Output every entry below exactly as it is written.

[[ Entries provided, beginning ]]

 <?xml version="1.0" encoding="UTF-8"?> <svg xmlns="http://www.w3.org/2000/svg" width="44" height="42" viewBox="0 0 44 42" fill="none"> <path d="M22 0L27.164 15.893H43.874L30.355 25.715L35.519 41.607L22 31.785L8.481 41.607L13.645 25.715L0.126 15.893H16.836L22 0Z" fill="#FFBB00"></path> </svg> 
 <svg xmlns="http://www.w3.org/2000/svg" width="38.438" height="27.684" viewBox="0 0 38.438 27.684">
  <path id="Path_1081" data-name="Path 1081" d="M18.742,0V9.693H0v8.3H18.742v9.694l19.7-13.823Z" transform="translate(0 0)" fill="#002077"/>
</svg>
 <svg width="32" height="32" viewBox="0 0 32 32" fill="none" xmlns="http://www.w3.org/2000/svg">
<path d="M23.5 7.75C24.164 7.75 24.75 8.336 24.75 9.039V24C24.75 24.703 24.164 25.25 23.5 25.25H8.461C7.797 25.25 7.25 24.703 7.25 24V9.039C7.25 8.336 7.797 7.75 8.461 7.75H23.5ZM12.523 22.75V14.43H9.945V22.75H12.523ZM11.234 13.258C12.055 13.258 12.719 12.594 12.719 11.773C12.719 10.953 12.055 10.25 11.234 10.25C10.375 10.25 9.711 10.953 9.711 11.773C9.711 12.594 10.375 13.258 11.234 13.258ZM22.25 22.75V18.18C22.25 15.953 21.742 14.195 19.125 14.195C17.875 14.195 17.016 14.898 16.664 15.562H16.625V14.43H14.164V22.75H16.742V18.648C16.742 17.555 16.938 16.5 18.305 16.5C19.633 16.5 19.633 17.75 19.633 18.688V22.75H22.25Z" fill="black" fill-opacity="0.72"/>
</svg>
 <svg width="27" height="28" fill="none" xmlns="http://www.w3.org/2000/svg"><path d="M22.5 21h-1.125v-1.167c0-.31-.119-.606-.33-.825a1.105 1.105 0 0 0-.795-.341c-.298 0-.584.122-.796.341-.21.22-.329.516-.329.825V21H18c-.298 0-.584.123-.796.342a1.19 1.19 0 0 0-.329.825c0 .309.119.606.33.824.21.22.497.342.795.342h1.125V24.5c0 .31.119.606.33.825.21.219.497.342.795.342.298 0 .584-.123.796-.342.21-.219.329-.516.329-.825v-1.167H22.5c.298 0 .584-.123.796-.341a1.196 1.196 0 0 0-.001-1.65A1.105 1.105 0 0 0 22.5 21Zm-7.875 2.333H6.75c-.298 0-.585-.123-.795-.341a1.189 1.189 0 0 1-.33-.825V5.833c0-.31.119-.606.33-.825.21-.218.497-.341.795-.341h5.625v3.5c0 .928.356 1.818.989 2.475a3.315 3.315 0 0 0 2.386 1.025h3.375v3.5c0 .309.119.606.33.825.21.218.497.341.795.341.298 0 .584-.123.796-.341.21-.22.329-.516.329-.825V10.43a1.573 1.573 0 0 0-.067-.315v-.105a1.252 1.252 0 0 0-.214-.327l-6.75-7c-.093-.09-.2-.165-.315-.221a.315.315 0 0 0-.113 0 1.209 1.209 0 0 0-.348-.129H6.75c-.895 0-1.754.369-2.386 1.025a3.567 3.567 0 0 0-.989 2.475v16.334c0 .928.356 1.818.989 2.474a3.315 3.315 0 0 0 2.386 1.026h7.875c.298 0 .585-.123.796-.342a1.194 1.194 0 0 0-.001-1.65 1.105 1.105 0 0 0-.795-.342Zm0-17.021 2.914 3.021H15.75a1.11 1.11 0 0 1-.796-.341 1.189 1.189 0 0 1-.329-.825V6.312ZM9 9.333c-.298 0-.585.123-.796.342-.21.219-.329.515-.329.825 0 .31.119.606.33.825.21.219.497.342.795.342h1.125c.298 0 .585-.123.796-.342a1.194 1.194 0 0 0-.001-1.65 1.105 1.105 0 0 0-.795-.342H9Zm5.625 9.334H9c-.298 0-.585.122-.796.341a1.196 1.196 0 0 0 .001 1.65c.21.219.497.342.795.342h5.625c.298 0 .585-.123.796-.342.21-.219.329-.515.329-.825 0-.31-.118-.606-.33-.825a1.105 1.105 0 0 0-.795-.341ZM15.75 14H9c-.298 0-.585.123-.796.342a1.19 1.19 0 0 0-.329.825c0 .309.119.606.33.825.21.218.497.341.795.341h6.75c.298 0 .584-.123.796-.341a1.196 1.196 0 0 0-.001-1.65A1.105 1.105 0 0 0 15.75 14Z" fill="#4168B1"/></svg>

[[ Entries provided, end ]]

Solution for this task:
 <?xml version="1.0" encoding="UTF-8"?> <svg xmlns="http://www.w3.org/2000/svg" width="44" height="42" viewBox="0 0 44 42" fill="none"> <path d="M22 0L27.164 15.893H43.874L30.355 25.715L35.519 41.607L22 31.785L8.481 41.607L13.645 25.715L0.126 15.893H16.836L22 0Z" fill="#FFBB00"></path> </svg> 
 <svg xmlns="http://www.w3.org/2000/svg" width="38.438" height="27.684" viewBox="0 0 38.438 27.684">
  <path id="Path_1081" data-name="Path 1081" d="M18.742,0V9.693H0v8.3H18.742v9.694l19.7-13.823Z" transform="translate(0 0)" fill="#002077"/>
</svg>
 <svg width="32" height="32" viewBox="0 0 32 32" fill="none" xmlns="http://www.w3.org/2000/svg">
<path d="M23.5 7.75C24.164 7.75 24.75 8.336 24.75 9.039V24C24.75 24.703 24.164 25.25 23.5 25.25H8.461C7.797 25.25 7.25 24.703 7.25 24V9.039C7.25 8.336 7.797 7.75 8.461 7.75H23.5ZM12.523 22.75V14.43H9.945V22.75H12.523ZM11.234 13.258C12.055 13.258 12.719 12.594 12.719 11.773C12.719 10.953 12.055 10.25 11.234 10.25C10.375 10.25 9.711 10.953 9.711 11.773C9.711 12.594 10.375 13.258 11.234 13.258ZM22.25 22.75V18.18C22.25 15.953 21.742 14.195 19.125 14.195C17.875 14.195 17.016 14.898 16.664 15.562H16.625V14.43H14.164V22.75H16.742V18.648C16.742 17.555 16.938 16.5 18.305 16.5C19.633 16.5 19.633 17.75 19.633 18.688V22.75H22.25Z" fill="black" fill-opacity="0.72"/>
</svg>
 <svg width="27" height="28" fill="none" xmlns="http://www.w3.org/2000/svg"><path d="M22.5 21h-1.125v-1.167c0-.31-.119-.606-.33-.825a1.105 1.105 0 0 0-.795-.341c-.298 0-.584.122-.796.341-.21.22-.329.516-.329.825V21H18c-.298 0-.584.123-.796.342a1.19 1.19 0 0 0-.329.825c0 .309.119.606.33.824.21.22.497.342.795.342h1.125V24.5c0 .31.119.606.33.825.21.219.497.342.795.342.298 0 .584-.123.796-.342.21-.219.329-.516.329-.825v-1.167H22.5c.298 0 .584-.123.796-.341a1.196 1.196 0 0 0-.001-1.65A1.105 1.105 0 0 0 22.5 21Zm-7.875 2.333H6.75c-.298 0-.585-.123-.795-.341a1.189 1.189 0 0 1-.33-.825V5.833c0-.31.119-.606.33-.825.21-.218.497-.341.795-.341h5.625v3.5c0 .928.356 1.818.989 2.475a3.315 3.315 0 0 0 2.386 1.025h3.375v3.5c0 .309.119.606.33.825.21.218.497.341.795.341.298 0 .584-.123.796-.341.21-.22.329-.516.329-.825V10.43a1.573 1.573 0 0 0-.067-.315v-.105a1.252 1.252 0 0 0-.214-.327l-6.75-7c-.093-.09-.2-.165-.315-.221a.315.315 0 0 0-.113 0 1.209 1.209 0 0 0-.348-.129H6.75c-.895 0-1.754.369-2.386 1.025a3.567 3.567 0 0 0-.989 2.475v16.334c0 .928.356 1.818.989 2.474a3.315 3.315 0 0 0 2.386 1.026h7.875c.298 0 .585-.123.796-.342a1.194 1.194 0 0 0-.001-1.65 1.105 1.105 0 0 0-.795-.342Zm0-17.021 2.914 3.021H15.75a1.11 1.11 0 0 1-.796-.341 1.189 1.189 0 0 1-.329-.825V6.312ZM9 9.333c-.298 0-.585.123-.796.342-.21.219-.329.515-.329.825 0 .31.119.606.33.825.21.219.497.342.795.342h1.125c.298 0 .585-.123.796-.342a1.194 1.194 0 0 0-.001-1.65 1.105 1.105 0 0 0-.795-.342H9Zm5.625 9.334H9c-.298 0-.585.122-.796.341a1.196 1.196 0 0 0 .001 1.65c.21.219.497.342.795.342h5.625c.298 0 .585-.123.796-.342.21-.219.329-.515.329-.825 0-.31-.118-.606-.33-.825a1.105 1.105 0 0 0-.795-.341ZM15.75 14H9c-.298 0-.585.123-.796.342a1.19 1.19 0 0 0-.329.825c0 .309.119.606.33.825.21.218.497.341.795.341h6.75c.298 0 .584-.123.796-.341a1.196 1.196 0 0 0-.001-1.65A1.105 1.105 0 0 0 15.75 14Z" fill="#4168B1"/></svg>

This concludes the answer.